Nu vaststaat dat verdachte aangeefster zo’n zeven treden van de trap af heeft geduwd, moet beoordeeld worden of hij door zijn handelen de aanmerkelijke kans in het leven heeft geroepen dat aangeefster zwaar lichamelijk letsel zou oplopen. De rechtbank is van oordeel dat het duwen van een persoon die op een aanzienlijke hoogte op een trap staat – in dit geval zo’n 7 treden hoog – deze aanmerkelijke kans oplevert. Dit wordt ondersteund door het feit dat aangeefster ook daadwerkelijk letsel heeft opgelopen: uit de letselverklaring blijkt van kneuzingen op haar voorhoofd, een gekneusde rib en een hersenschudding. Voorts kan uit de uiterlijke verschijningsvorm van het handelen van verdachte worden afgeleid dat hij die aanmerkelijke kans ook welbewust heeft aanvaard. Niet alleen heeft hij aangeefster zo’n stevige duw gegeven dat zij met haar hoofd tegen de muur is gekomen, maar uit een geluidsfragment blijkt dat hij heeft gezegd: “(..) Wil je zien dat ik je van die kaulo trap afgooi” [1] . Hieruit volgt dat verdachte aangeefster opzettelijk een duw heeft gegeven. Op basis van het voorgaande acht de rechtbank dan ook bewezen dat verdachte zich schuldig heeft gemaakt aan een poging tot zware mishandeling.

4.Bewezenverklaring

De rechtbank acht op grond van de in bijlage II opgenomen bewijsmiddelen bewezen dat verdachte
1. Primair
op 7 januari 2017 te Amsterdam, ter uitvoering van het door verdachte voorgenomen misdrijf om aan zijn stiefdochter [persoon 1] opzettelijk zwaar lichamelijk letsel toe te brengen, met dat opzet naar voornoemde [persoon 1] is toegegaan, waarna hij, verdachte voornoemde [persoon 1] van een trap heeft geduwd, waarna voornoemde [persoon 1] ongeveer over een afstand van 7 treden van de trap naar beneden is gevallen en daarbij een muur heeft geraakt;
2.
op 7 januari 2017 te Amsterdam, [persoon 2] heeft bedreigd met enig misdrijf tegen het leven gericht, immers heeft hij, verdachte, opzettelijk voornoemde [persoon 2] (via een WA-bericht) dreigend de woorden toegevoegd: "Als ik een telefoon van politie krijg of wat, ik maak iedereen dood geloof mij, niemand fuckt met mij. Ik ben klaar met dit kanker leven geloof me".
Voor zover in de tenlastelegging taal- en/of schrijffouten staan, zijn deze verbeterd. Verdachte is hierdoor niet in de verdediging geschaad.

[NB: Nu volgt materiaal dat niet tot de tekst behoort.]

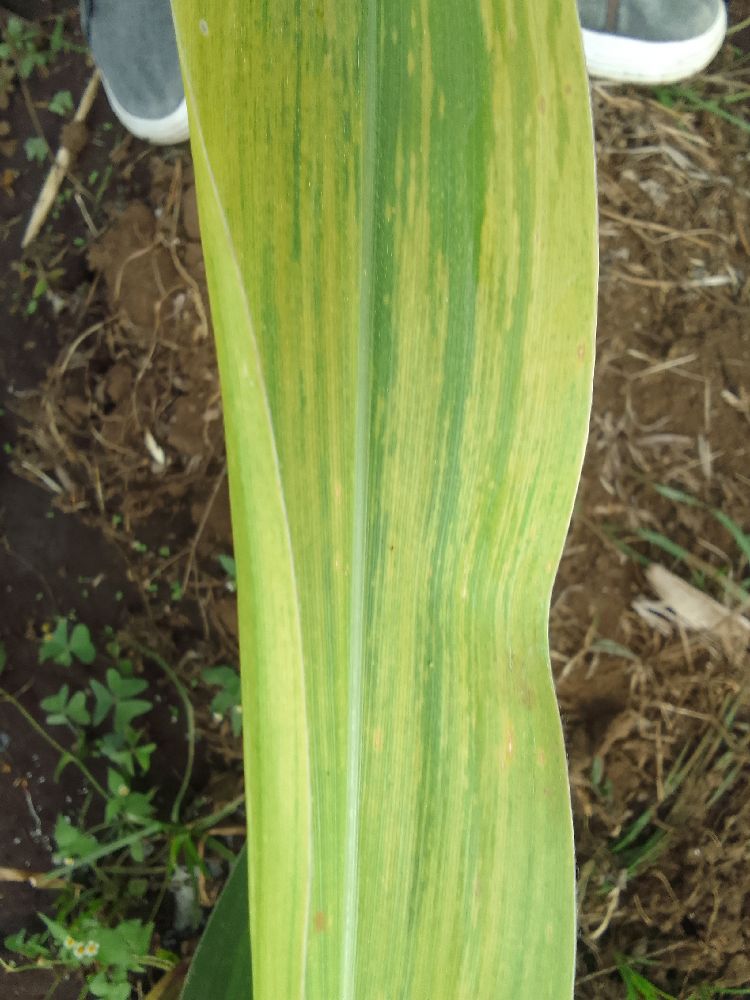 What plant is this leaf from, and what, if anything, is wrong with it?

maize, maize lethal necrosis
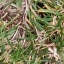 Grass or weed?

grass

5.De strafbaarheid van de feiten

De bewezen geachte feiten zijn volgens de wet strafbaar. Het bestaan van een rechtvaardigingsgrond is niet aannemelijk geworden.

6.De strafbaarheid van verdachte

Er is geen omstandigheid aannemelijk geworden die de strafbaarheid van verdachte uitsluit. Verdachte is dan ook strafbaar.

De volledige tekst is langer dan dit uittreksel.